Provided material: Begin

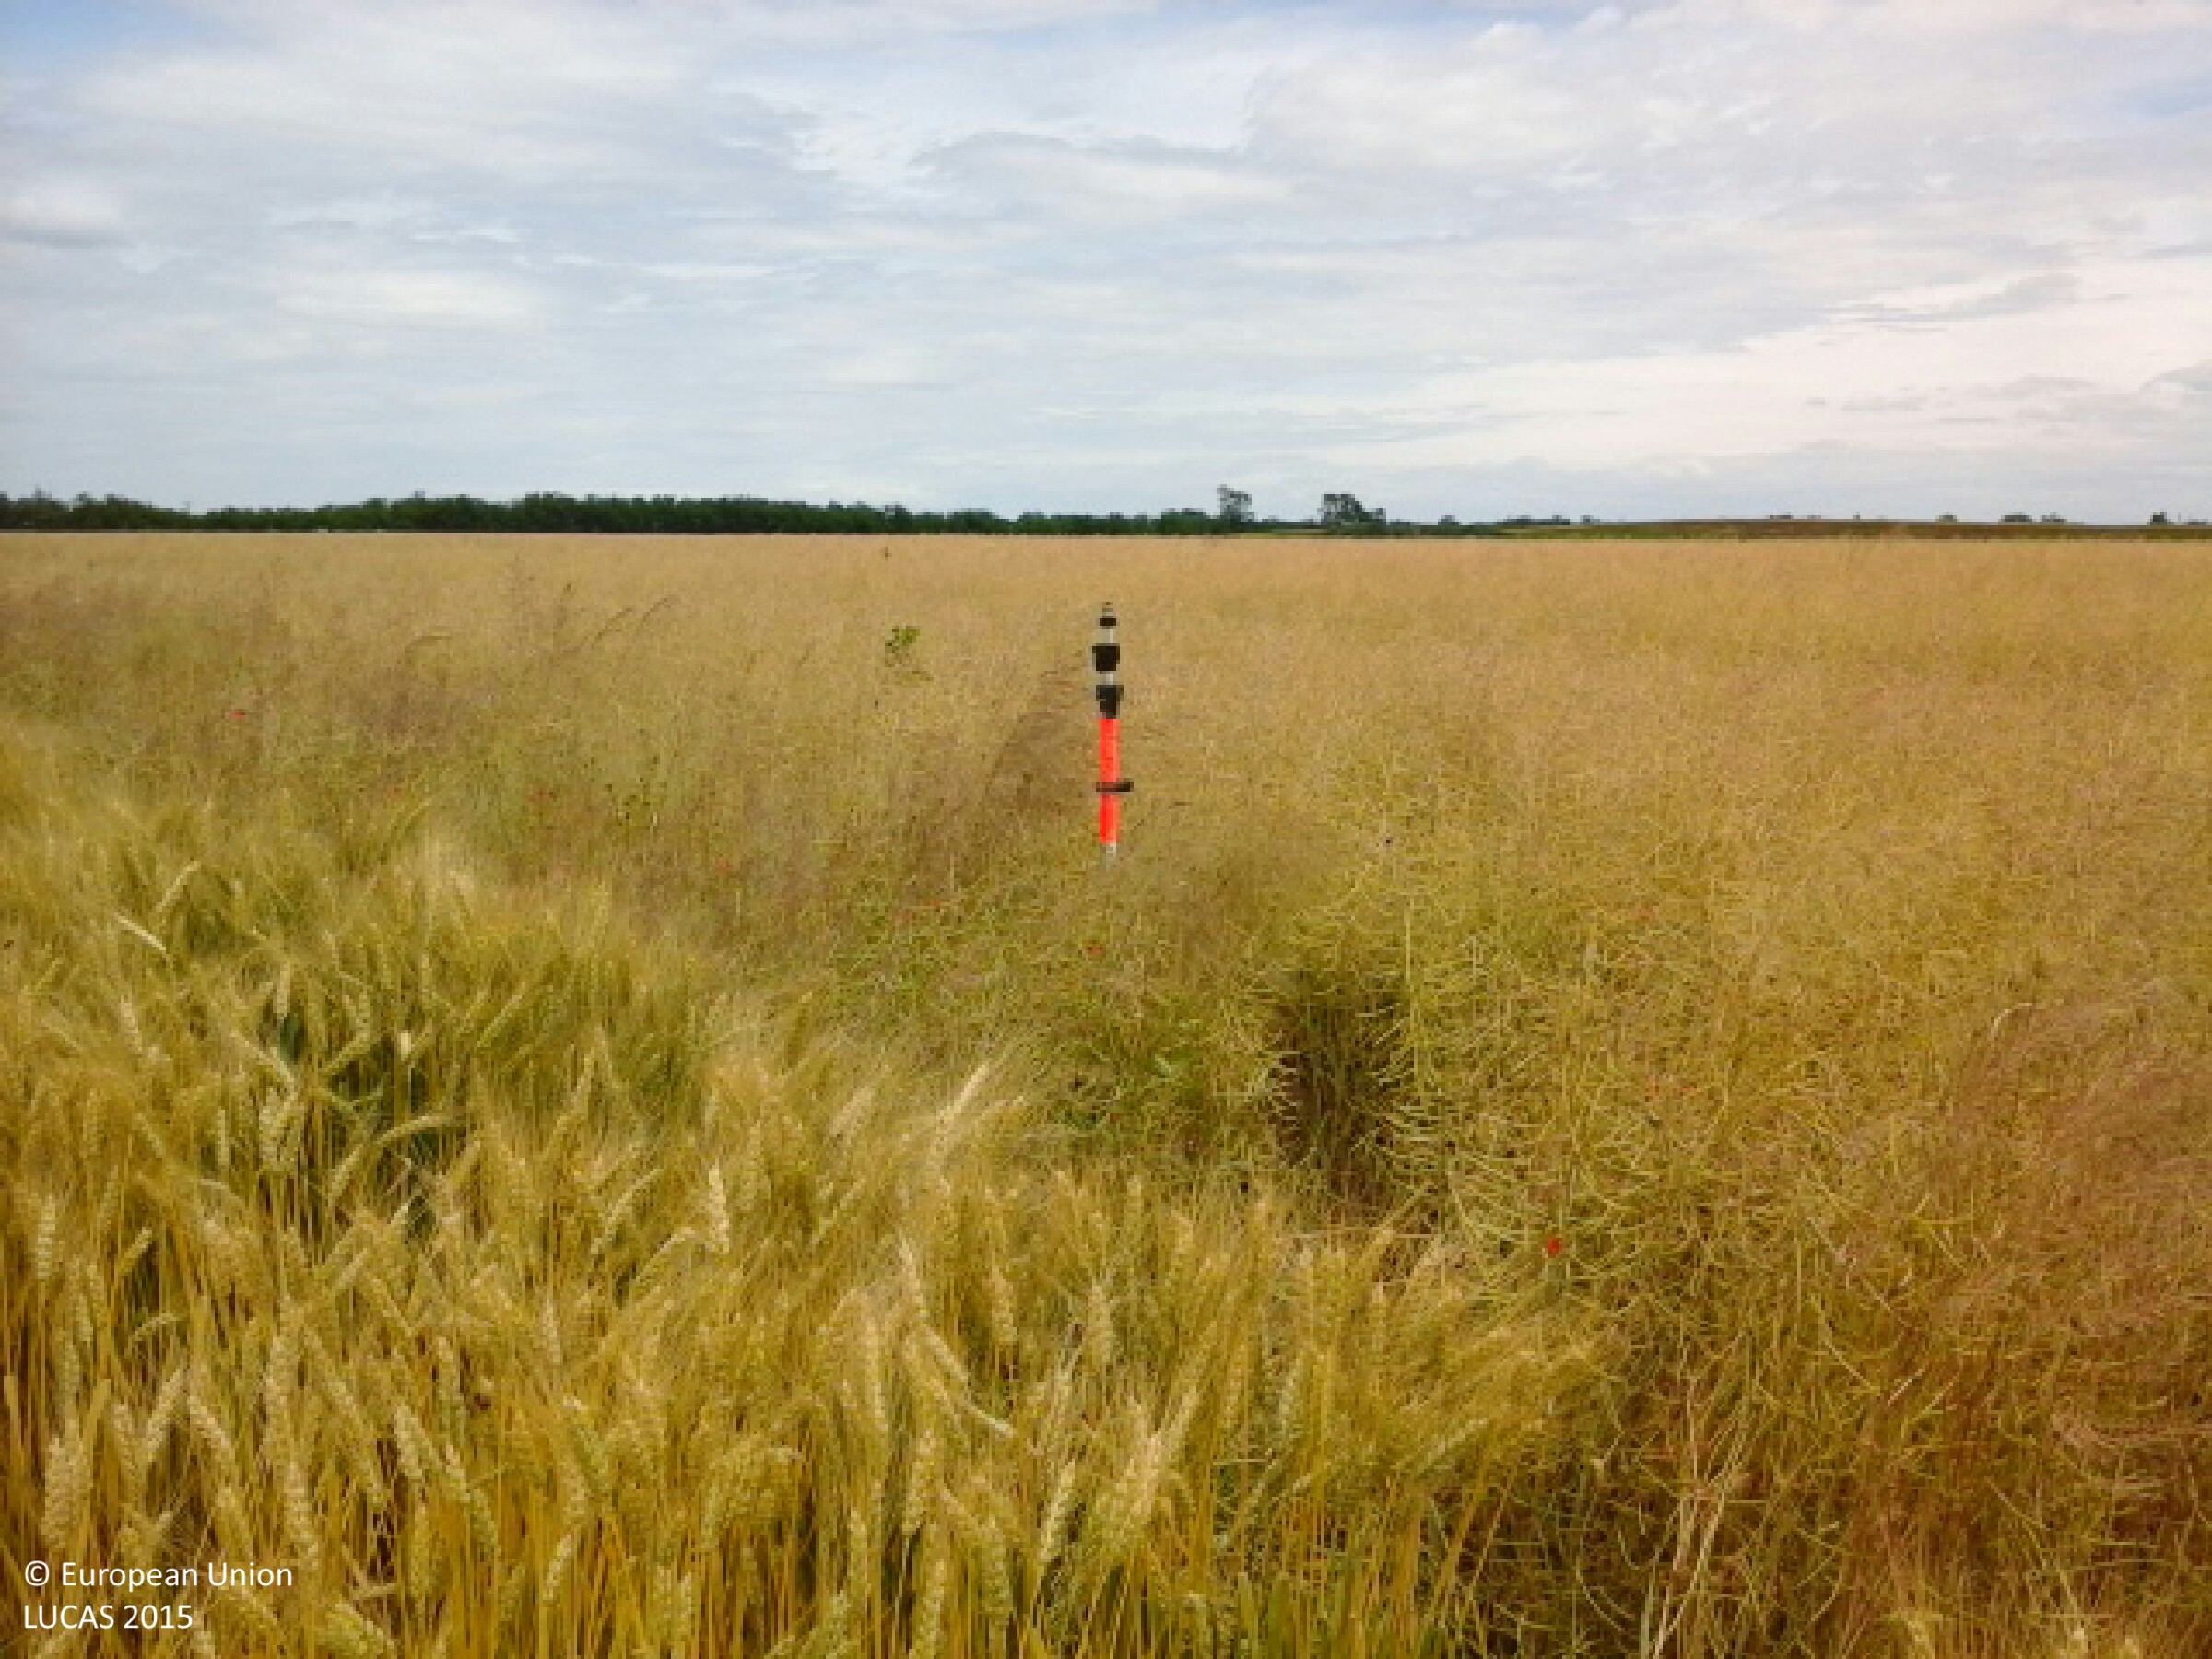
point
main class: Cropland
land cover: Rape and turnip rape
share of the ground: > 75 %
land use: Agriculture (excluding fallow land and kitchen gardens)
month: June
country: HU
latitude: 47.9801
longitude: 21.5270

Provided material: End

Exercise details> Set down the records again verbatim, with no pictures.

Answer box>
point
main class: Cropland
land cover: Rape and turnip rape
share of the ground: > 75 %
land use: Agriculture (excluding fallow land and kitchen gardens)
month: June
country: HU
latitude: 47.9801
longitude: 21.5270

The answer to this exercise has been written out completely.